▶ _The data_:
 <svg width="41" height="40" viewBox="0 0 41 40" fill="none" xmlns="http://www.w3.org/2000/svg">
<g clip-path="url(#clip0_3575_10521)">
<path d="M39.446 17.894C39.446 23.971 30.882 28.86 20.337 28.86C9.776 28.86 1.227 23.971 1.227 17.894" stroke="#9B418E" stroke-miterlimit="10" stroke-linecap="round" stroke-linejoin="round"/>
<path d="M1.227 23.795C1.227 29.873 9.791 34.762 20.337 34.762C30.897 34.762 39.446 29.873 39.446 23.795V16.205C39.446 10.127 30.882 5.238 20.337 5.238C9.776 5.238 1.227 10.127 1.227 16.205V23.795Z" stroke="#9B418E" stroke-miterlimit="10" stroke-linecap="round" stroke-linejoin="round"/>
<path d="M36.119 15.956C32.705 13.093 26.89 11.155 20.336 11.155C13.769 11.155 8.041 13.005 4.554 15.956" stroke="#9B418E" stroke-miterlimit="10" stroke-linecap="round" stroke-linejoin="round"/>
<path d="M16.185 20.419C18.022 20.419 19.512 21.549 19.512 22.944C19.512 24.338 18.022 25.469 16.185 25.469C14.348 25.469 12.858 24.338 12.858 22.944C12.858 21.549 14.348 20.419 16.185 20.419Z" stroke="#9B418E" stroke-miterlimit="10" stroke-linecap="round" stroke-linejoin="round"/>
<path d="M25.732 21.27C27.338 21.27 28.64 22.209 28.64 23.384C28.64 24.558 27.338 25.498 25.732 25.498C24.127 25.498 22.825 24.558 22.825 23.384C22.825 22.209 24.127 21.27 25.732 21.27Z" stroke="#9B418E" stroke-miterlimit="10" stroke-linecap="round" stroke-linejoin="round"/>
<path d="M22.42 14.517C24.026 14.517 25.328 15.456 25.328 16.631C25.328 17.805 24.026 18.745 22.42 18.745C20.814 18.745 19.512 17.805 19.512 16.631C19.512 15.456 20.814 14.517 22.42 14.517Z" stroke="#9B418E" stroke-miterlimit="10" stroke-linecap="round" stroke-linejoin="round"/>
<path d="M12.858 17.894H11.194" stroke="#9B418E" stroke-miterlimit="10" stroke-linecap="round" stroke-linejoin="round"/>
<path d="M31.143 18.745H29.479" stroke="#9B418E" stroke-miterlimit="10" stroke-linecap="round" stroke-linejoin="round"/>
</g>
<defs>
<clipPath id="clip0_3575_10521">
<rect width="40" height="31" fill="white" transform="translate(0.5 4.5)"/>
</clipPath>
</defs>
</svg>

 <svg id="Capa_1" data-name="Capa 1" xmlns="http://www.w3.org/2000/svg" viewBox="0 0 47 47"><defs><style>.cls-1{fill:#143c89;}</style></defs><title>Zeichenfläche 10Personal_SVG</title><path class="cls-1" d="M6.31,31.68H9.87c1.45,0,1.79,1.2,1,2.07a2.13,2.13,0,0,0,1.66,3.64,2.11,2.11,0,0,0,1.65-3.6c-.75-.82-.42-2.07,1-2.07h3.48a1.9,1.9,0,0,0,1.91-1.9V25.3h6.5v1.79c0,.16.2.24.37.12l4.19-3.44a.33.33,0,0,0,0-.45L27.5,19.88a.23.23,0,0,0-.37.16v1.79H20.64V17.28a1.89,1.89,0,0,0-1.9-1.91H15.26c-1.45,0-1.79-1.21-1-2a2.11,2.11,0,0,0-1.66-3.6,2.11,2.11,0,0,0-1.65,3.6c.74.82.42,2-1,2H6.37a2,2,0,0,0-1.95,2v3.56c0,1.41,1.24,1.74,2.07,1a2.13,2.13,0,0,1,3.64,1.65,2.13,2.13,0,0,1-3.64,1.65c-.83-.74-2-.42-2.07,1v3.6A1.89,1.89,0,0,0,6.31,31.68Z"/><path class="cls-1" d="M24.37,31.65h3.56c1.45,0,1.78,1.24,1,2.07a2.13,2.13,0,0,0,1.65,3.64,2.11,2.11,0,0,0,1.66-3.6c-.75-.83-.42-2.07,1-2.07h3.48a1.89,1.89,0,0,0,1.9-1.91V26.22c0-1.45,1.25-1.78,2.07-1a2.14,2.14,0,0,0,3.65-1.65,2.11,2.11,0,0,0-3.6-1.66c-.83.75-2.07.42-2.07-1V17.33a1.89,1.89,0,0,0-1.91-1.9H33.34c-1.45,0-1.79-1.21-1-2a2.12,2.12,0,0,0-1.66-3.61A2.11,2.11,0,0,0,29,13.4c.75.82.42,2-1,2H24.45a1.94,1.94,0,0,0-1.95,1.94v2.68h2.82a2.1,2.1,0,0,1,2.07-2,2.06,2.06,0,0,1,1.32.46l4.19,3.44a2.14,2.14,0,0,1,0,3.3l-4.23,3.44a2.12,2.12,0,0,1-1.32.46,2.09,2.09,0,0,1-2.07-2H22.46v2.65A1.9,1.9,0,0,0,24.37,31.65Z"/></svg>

▶ _Task description_: Write out the whole listing again. Match it word for word.

▶ _Written solution_:
 <svg width="41" height="40" viewBox="0 0 41 40" fill="none" xmlns="http://www.w3.org/2000/svg">
<g clip-path="url(#clip0_3575_10521)">
<path d="M39.446 17.894C39.446 23.971 30.882 28.86 20.337 28.86C9.776 28.86 1.227 23.971 1.227 17.894" stroke="#9B418E" stroke-miterlimit="10" stroke-linecap="round" stroke-linejoin="round"/>
<path d="M1.227 23.795C1.227 29.873 9.791 34.762 20.337 34.762C30.897 34.762 39.446 29.873 39.446 23.795V16.205C39.446 10.127 30.882 5.238 20.337 5.238C9.776 5.238 1.227 10.127 1.227 16.205V23.795Z" stroke="#9B418E" stroke-miterlimit="10" stroke-linecap="round" stroke-linejoin="round"/>
<path d="M36.119 15.956C32.705 13.093 26.89 11.155 20.336 11.155C13.769 11.155 8.041 13.005 4.554 15.956" stroke="#9B418E" stroke-miterlimit="10" stroke-linecap="round" stroke-linejoin="round"/>
<path d="M16.185 20.419C18.022 20.419 19.512 21.549 19.512 22.944C19.512 24.338 18.022 25.469 16.185 25.469C14.348 25.469 12.858 24.338 12.858 22.944C12.858 21.549 14.348 20.419 16.185 20.419Z" stroke="#9B418E" stroke-miterlimit="10" stroke-linecap="round" stroke-linejoin="round"/>
<path d="M25.732 21.27C27.338 21.27 28.64 22.209 28.64 23.384C28.64 24.558 27.338 25.498 25.732 25.498C24.127 25.498 22.825 24.558 22.825 23.384C22.825 22.209 24.127 21.27 25.732 21.27Z" stroke="#9B418E" stroke-miterlimit="10" stroke-linecap="round" stroke-linejoin="round"/>
<path d="M22.42 14.517C24.026 14.517 25.328 15.456 25.328 16.631C25.328 17.805 24.026 18.745 22.42 18.745C20.814 18.745 19.512 17.805 19.512 16.631C19.512 15.456 20.814 14.517 22.42 14.517Z" stroke="#9B418E" stroke-miterlimit="10" stroke-linecap="round" stroke-linejoin="round"/>
<path d="M12.858 17.894H11.194" stroke="#9B418E" stroke-miterlimit="10" stroke-linecap="round" stroke-linejoin="round"/>
<path d="M31.143 18.745H29.479" stroke="#9B418E" stroke-miterlimit="10" stroke-linecap="round" stroke-linejoin="round"/>
</g>
<defs>
<clipPath id="clip0_3575_10521">
<rect width="40" height="31" fill="white" transform="translate(0.5 4.5)"/>
</clipPath>
</defs>
</svg>

 <svg id="Capa_1" data-name="Capa 1" xmlns="http://www.w3.org/2000/svg" viewBox="0 0 47 47"><defs><style>.cls-1{fill:#143c89;}</style></defs><title>Zeichenfläche 10Personal_SVG</title><path class="cls-1" d="M6.31,31.68H9.87c1.45,0,1.79,1.2,1,2.07a2.13,2.13,0,0,0,1.66,3.64,2.11,2.11,0,0,0,1.65-3.6c-.75-.82-.42-2.07,1-2.07h3.48a1.9,1.9,0,0,0,1.91-1.9V25.3h6.5v1.79c0,.16.2.24.37.12l4.19-3.44a.33.33,0,0,0,0-.45L27.5,19.88a.23.23,0,0,0-.37.16v1.79H20.64V17.28a1.89,1.89,0,0,0-1.9-1.91H15.26c-1.45,0-1.79-1.21-1-2a2.11,2.11,0,0,0-1.66-3.6,2.11,2.11,0,0,0-1.65,3.6c.74.82.42,2-1,2H6.37a2,2,0,0,0-1.95,2v3.56c0,1.41,1.24,1.74,2.07,1a2.13,2.13,0,0,1,3.64,1.65,2.13,2.13,0,0,1-3.64,1.65c-.83-.74-2-.42-2.07,1v3.6A1.89,1.89,0,0,0,6.31,31.68Z"/><path class="cls-1" d="M24.37,31.65h3.56c1.45,0,1.78,1.24,1,2.07a2.13,2.13,0,0,0,1.65,3.64,2.11,2.11,0,0,0,1.66-3.6c-.75-.83-.42-2.07,1-2.07h3.48a1.89,1.89,0,0,0,1.9-1.91V26.22c0-1.45,1.25-1.78,2.07-1a2.14,2.14,0,0,0,3.65-1.65,2.11,2.11,0,0,0-3.6-1.66c-.83.75-2.07.42-2.07-1V17.33a1.89,1.89,0,0,0-1.91-1.9H33.34c-1.45,0-1.79-1.21-1-2a2.12,2.12,0,0,0-1.66-3.61A2.11,2.11,0,0,0,29,13.4c.75.82.42,2-1,2H24.45a1.94,1.94,0,0,0-1.95,1.94v2.68h2.82a2.1,2.1,0,0,1,2.07-2,2.06,2.06,0,0,1,1.32.46l4.19,3.44a2.14,2.14,0,0,1,0,3.3l-4.23,3.44a2.12,2.12,0,0,1-1.32.46,2.09,2.09,0,0,1-2.07-2H22.46v2.65A1.9,1.9,0,0,0,24.37,31.65Z"/></svg>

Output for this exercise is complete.